Training pipeline for texture generation. A unified diffusion transformer uses task-specific LoRA modules for UV-space texture inpainting, light homogenization, and PBR material estimation. Inpainting and homogenization (Sec.~) use paired supervision. For material estimation (Sec.~), the homogenized texture T_ feeds three parallel LoRA branches (albedo, normal, packed) interacting via cross-intrinsic attention to generate PBR maps, supervised by a differentiable GGX BRDF shader.
Training pipeline for texture generation. A unified diffusion transformer uses task-specific LoRA modules for UV-space texture inpainting, light homogenization, and PBR material estimation. Inpainting and homogenization use paired supervision. For material estimation, the homogenized texture feeds three parallel LoRA branches (albedo, normal, packed) interacting via cross-intrinsic attention to generate PBR maps, supervised by a differentiable GGX BRDF shader.

3. Physically based material estimation with cross-intrinsic attention

After homogenization, the model estimates intrinsic material properties in UV space. The paper distinguishes between three branches: albedo, normal, and a compact reflectance branch $T_{rsd}$ that packs roughness, specular, and displacement. The authors say a naive strategy with independent diffusion adapters per attribute gives visually plausible maps, but often produces physically inconsistent results: texture detail is overfit as geometry, and branch outputs become spatially fragmented.

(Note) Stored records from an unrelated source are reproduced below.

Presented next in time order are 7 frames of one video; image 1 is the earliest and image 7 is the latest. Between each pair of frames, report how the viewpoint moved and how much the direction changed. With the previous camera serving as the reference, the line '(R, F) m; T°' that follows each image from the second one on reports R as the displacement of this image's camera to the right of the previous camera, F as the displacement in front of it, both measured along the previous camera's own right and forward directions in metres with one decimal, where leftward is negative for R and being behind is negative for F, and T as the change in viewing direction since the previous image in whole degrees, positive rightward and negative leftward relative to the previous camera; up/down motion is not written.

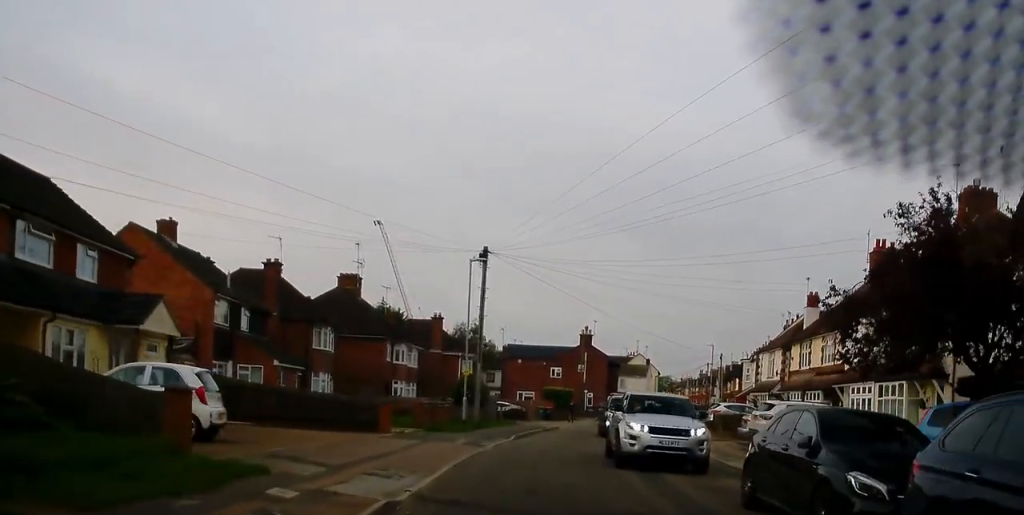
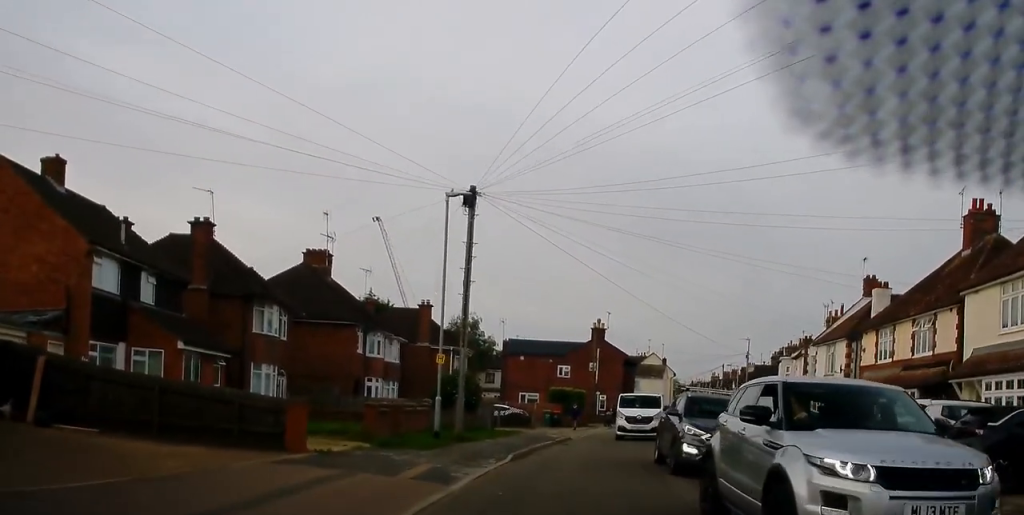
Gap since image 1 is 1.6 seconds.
(+0.3, +9.5) m; +1°
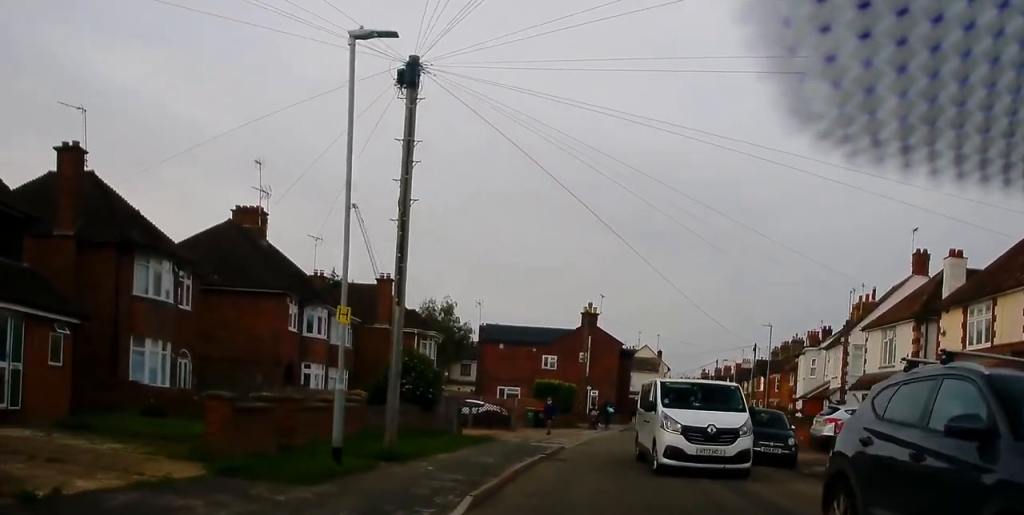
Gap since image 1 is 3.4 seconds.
(-0.1, +8.2) m; +1°
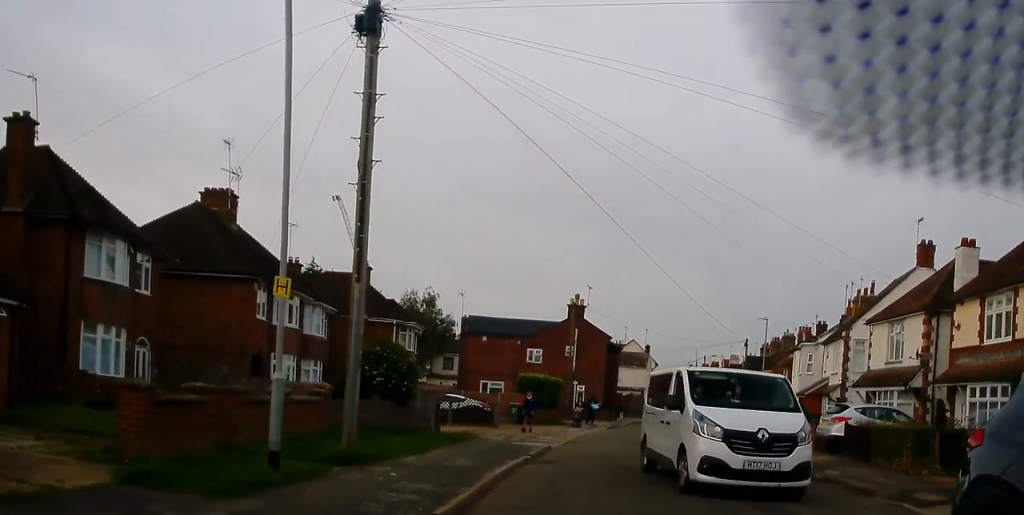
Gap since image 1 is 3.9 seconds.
(0.0, +2.0) m; +2°
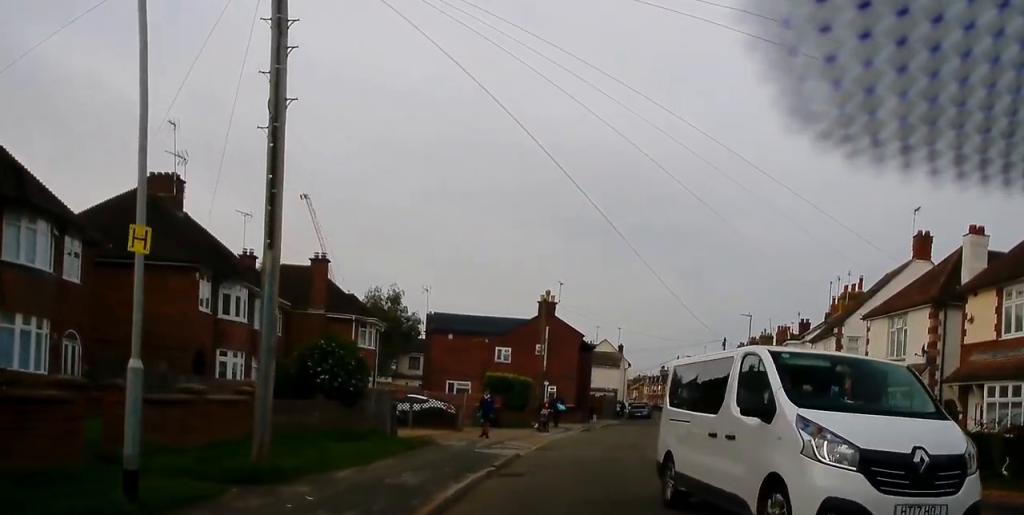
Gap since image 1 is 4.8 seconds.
(0.0, +2.6) m; +4°
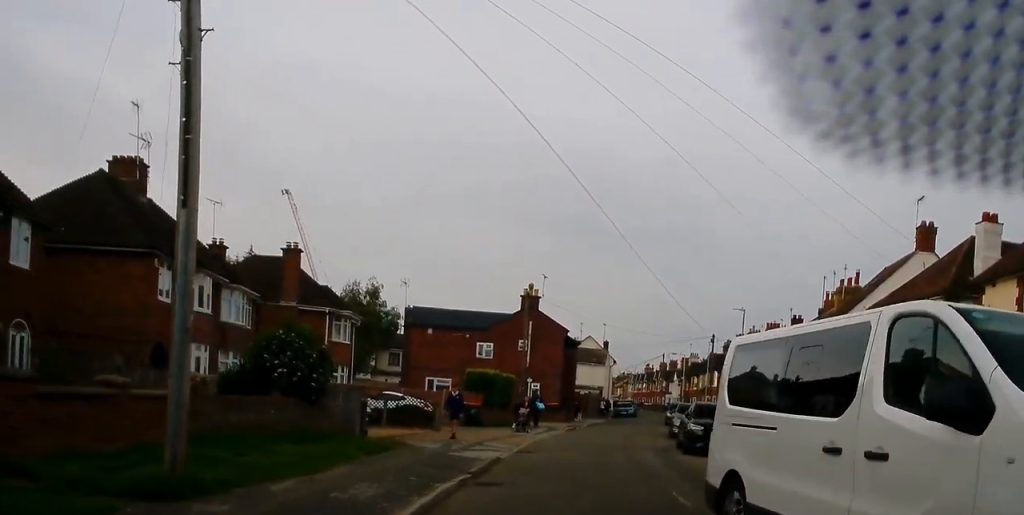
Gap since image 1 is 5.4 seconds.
(+0.1, +1.9) m; 0°
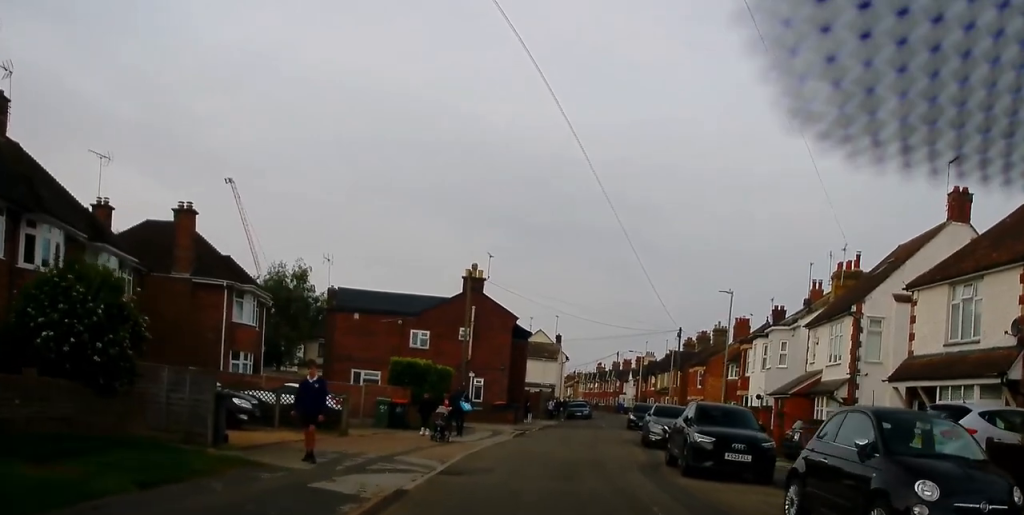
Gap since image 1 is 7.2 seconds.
(+0.2, +7.3) m; +4°

To address this, they train the material stage with three task-specific LoRA adapters and a cross-intrinsic attention mechanism. Queries are computed per modality, while keys and values are concatenated across modalities, enabling explicit information exchange among albedo, normal, and reflectance-related branches:

$$ \mathbf{h}_i = \operatorname{Attn}(\mathbf{q}_i, \mathbf{K}, \mathbf{V}), \qquad \operatorname{Attn}(\mathbf{q}, \mathbf{K}, \mathbf{V}) = \operatorname{softmax}\!\left(\frac{\mathbf{q}\mathbf{K}^{\mathsf{T}}}{\sqrt{d}}\right)\mathbf{V}. $$

This design is intended to let each branch borrow complementary cues from the others while still maintaining branch-specific adaptation through separate LoRA weights.

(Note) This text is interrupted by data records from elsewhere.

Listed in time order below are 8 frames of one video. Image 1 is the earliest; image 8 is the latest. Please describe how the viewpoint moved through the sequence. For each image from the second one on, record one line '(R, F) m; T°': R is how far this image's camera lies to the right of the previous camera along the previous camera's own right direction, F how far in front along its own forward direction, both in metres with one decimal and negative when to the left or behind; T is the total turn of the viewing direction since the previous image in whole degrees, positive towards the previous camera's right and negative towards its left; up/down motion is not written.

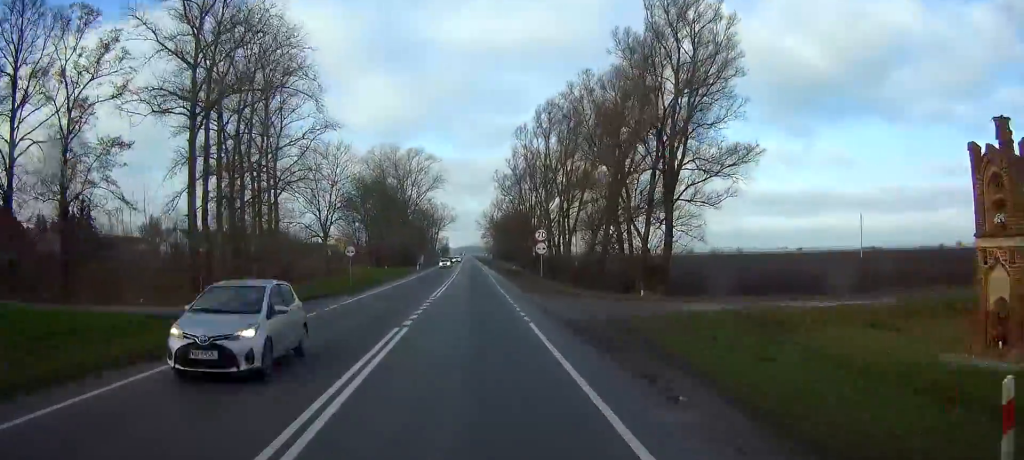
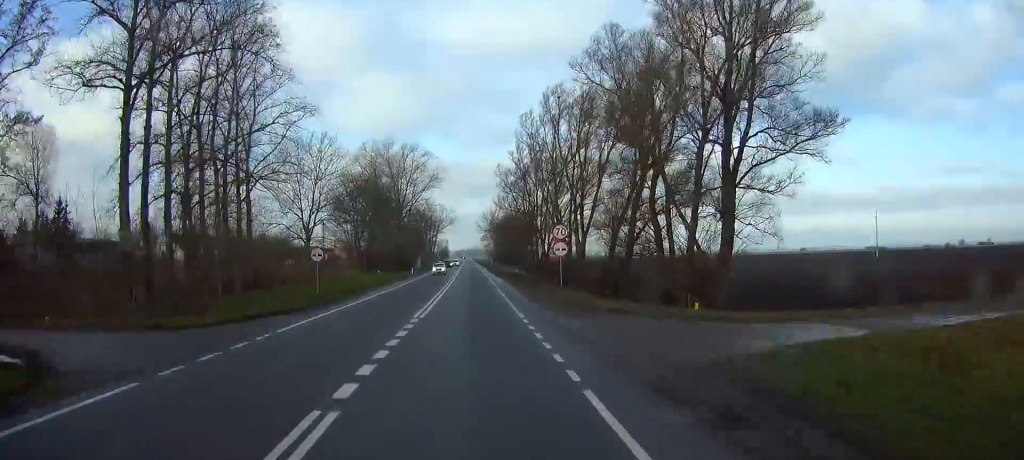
(+0.1, +9.3) m; 0°
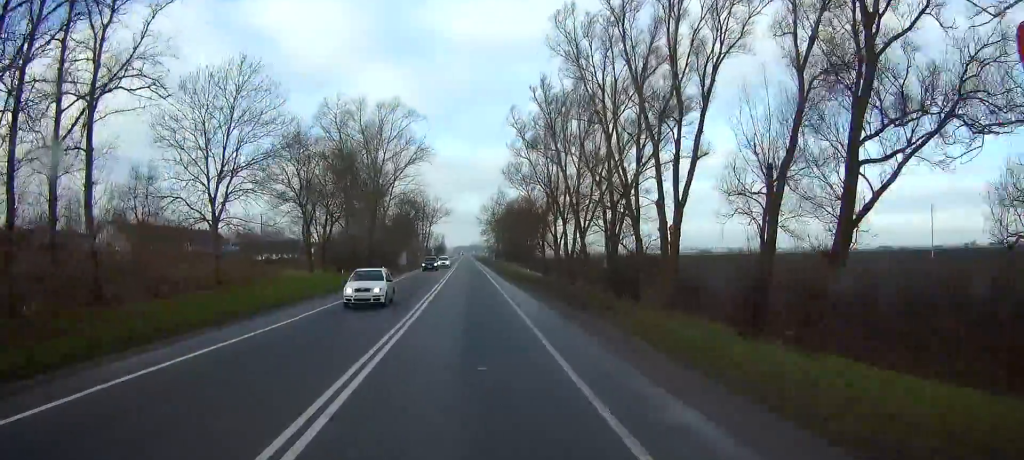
(-0.2, +29.4) m; -1°
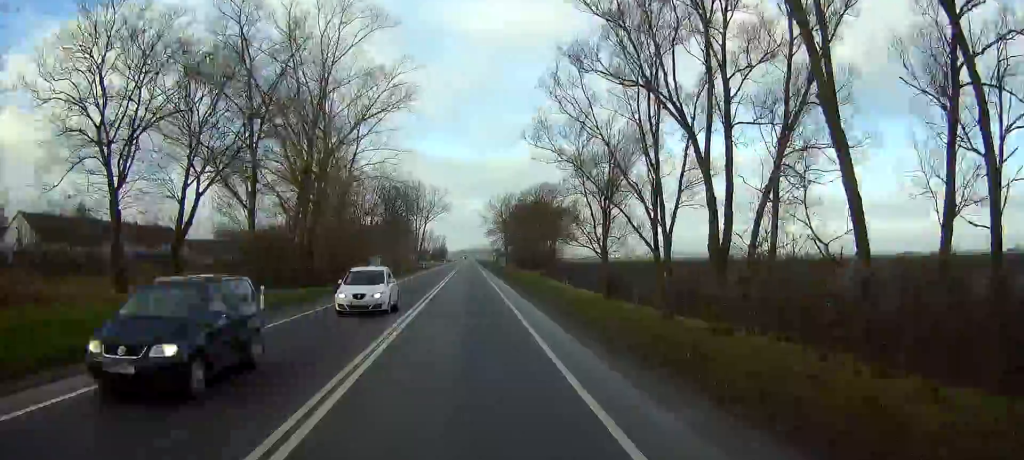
(+0.1, +38.1) m; 0°
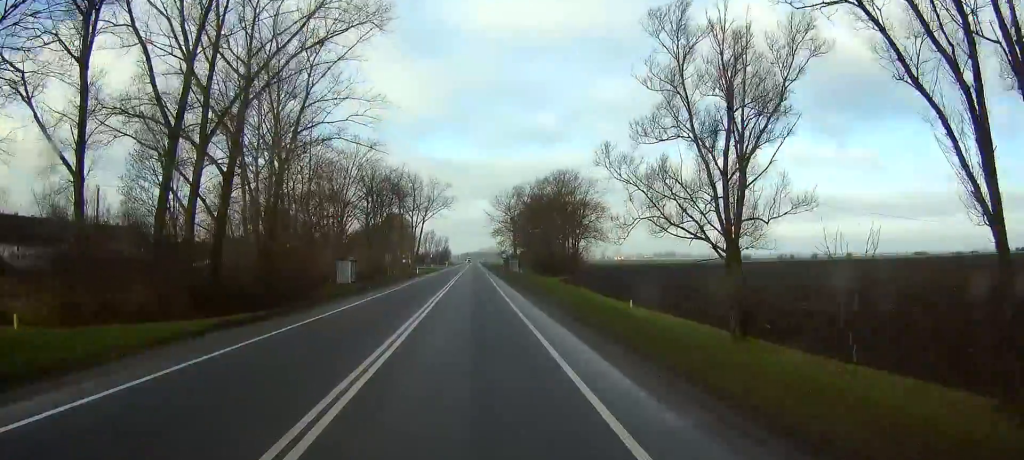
(0.0, +23.6) m; 0°
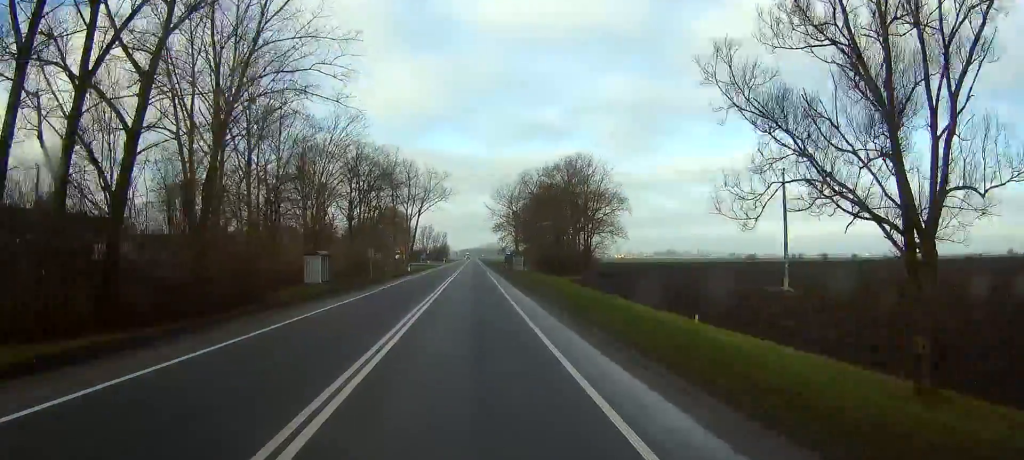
(0.0, +11.9) m; 0°
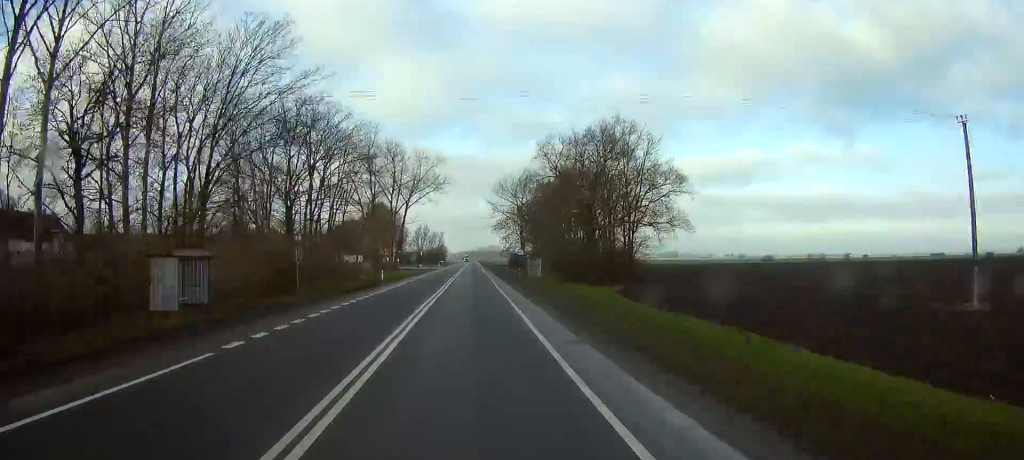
(-0.1, +25.5) m; 0°
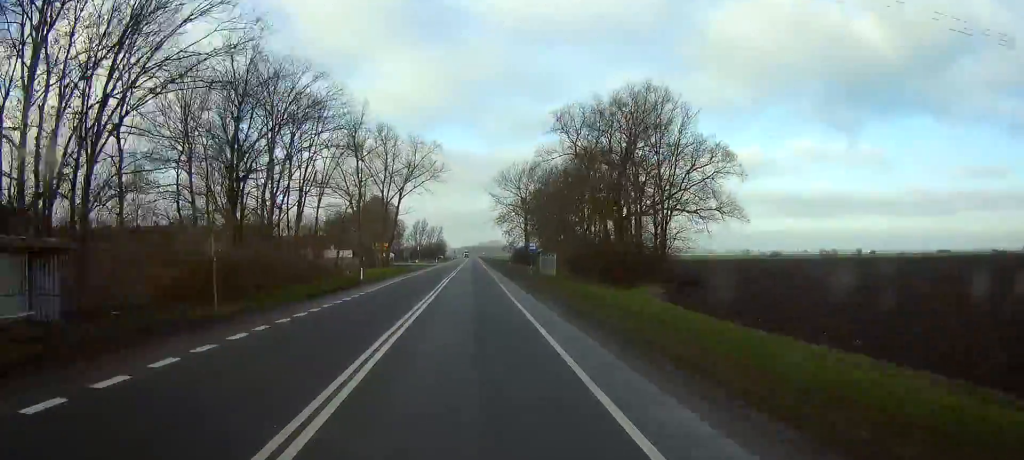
(0.0, +11.9) m; 0°

The material stage is further constrained by a UV-space differentiable BRDF shading loss. The clean latent estimate is reconstructed as $$ \hat{\mathbf{z}}_0 = \mathbf{z}_{\sigma} - \sigma\,\hat{\mathbf{v}}_{\theta}(\mathbf{z}_{\sigma}, \sigma, \mathbf{c}), $$ then decoded to predicted material maps. The shading loss is evaluated using a fixed template face whose position, geometric normal, and geometric tangent maps are precomputed. The BRDF is based on a GGX microfacet model. The final shaded texture is written as $$ \hat{T}_{shaded}(\mathbf{u}) = M(\mathbf{u})\bigg[\sum_{k=1}^{K} L_k(\mathbf{l}_k)(\mathbf{n}\cdot\mathbf{l}_k)^+\big(f_d(\mathbf{u}) + f_s(\mathbf{u},\mathbf{v},\mathbf{l}_k)\big) + I_{amb}\,\hat{T}_{alb}(\mathbf{u})\bigg], $$ with ambient intensity sampled from $\mathcal{U}(0.15, 0.3)$ during training. The overall material objective is $$ \mathcal{L} = \mathcal{L}_{diff} + \lambda_{img}\|\hat{T}_{shaded} - T_{shaded}\|_2^2 + \lambda_{lpips}\,\operatorname{LPIPS}(\hat{T}_{shaded}, T_{shaded}). $$ In the reported experiments, the authors set $\lambda_{img}=0.5$ and $\lambda_{lpips}=0.1$.

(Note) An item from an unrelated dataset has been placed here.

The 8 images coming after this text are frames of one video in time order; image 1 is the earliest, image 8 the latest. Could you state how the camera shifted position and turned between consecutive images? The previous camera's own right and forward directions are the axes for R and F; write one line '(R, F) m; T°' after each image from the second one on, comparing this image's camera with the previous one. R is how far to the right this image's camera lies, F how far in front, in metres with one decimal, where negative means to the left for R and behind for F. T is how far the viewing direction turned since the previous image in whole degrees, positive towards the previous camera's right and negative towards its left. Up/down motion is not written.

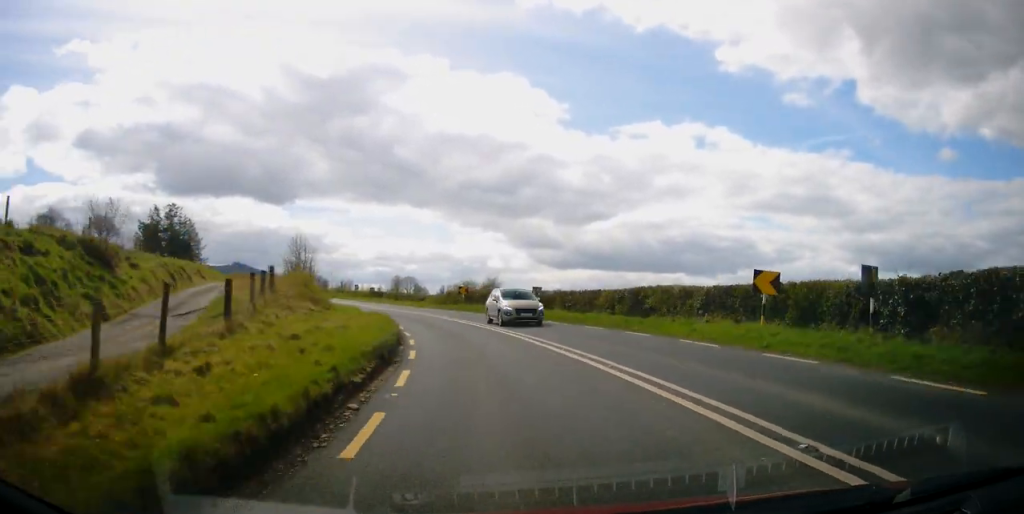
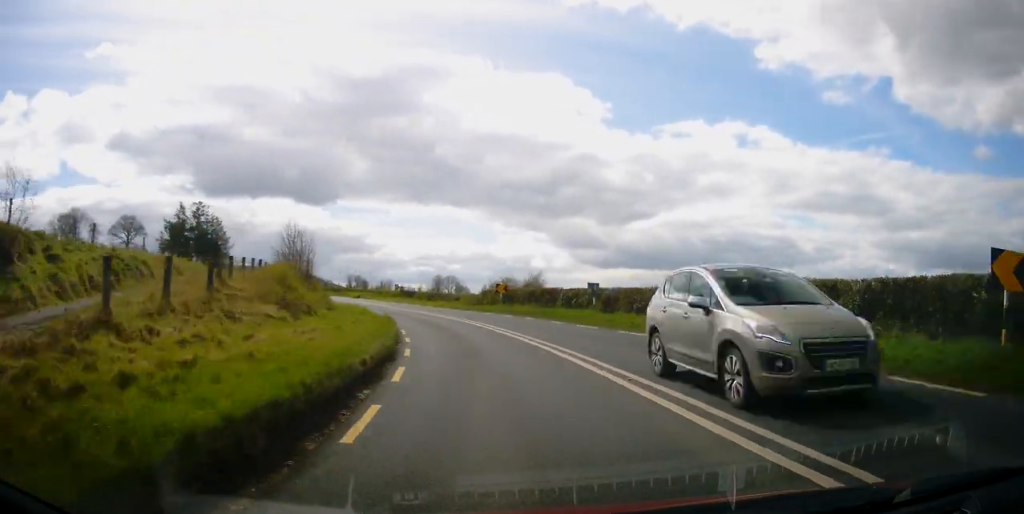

A useful implementation detail from the appendix is that the shader operates fully in UV space and uses fixed geometric priors rather than rasterization. The predicted displacement map is applied along the geometric normal with a small scale factor $s_{disp}=0.01$. The local tangent frame is re-orthogonalized via Gram-Schmidt to keep the shading basis consistent with the perturbed normal. The appendix also notes that their GGX proxy is simplified for numerical stability and is not strictly energy conserving.

4. Super-resolution

As a final step, the predicted maps are upscaled from 1K to 4K using a fine-tuned Real-ESRGAN model. The paper treats this as post-processing rather than part of the main generative pipeline.

Data Preparation

The training data are assembled from two very different sources. For geometry and occlusion priors, the authors use FFHQ and CelebAMask-HQ, which together contain nearly 100,000 in-the-wild face images with variation in ethnicity, age, expression, pose, illumination, and occlusion. For material learning, they use a compact professional scan set from 3dscanstore containing fewer than 100 face scans, each with complete PBR maps up to 8K resolution: albedo, normal, specular, roughness, and displacement.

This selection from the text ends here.